_Exercise input_
-----

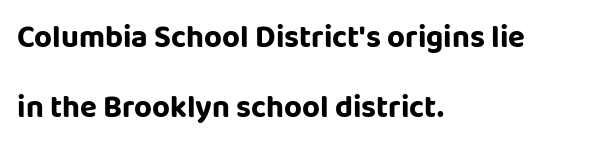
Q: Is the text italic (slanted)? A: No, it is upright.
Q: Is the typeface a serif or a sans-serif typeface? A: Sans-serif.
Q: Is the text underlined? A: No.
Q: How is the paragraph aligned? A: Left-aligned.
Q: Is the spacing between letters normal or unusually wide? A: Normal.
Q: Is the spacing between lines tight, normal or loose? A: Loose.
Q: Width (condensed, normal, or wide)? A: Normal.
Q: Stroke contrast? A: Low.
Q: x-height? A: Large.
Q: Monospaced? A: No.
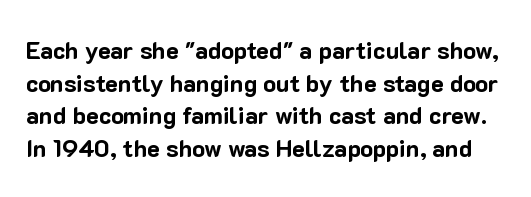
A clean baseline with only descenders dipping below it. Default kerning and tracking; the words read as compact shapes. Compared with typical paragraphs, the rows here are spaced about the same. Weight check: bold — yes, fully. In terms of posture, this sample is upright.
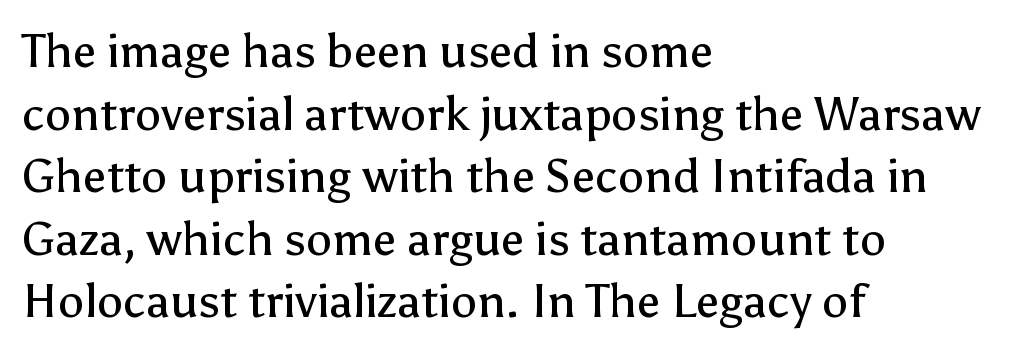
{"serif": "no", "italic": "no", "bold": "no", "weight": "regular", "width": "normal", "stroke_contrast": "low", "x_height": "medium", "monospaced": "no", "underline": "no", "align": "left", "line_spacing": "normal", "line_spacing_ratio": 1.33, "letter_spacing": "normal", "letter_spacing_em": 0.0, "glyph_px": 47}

-----

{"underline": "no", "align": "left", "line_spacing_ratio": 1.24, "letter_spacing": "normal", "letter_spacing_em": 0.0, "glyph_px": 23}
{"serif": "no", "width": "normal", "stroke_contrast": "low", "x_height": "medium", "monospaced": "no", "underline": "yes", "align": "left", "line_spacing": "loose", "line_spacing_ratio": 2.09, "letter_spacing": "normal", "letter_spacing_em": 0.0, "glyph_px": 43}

-----

_Problem requirements_
If a line in the entries holds the string "wide", it belongs in the tally; state the tally alone.

_Response_
2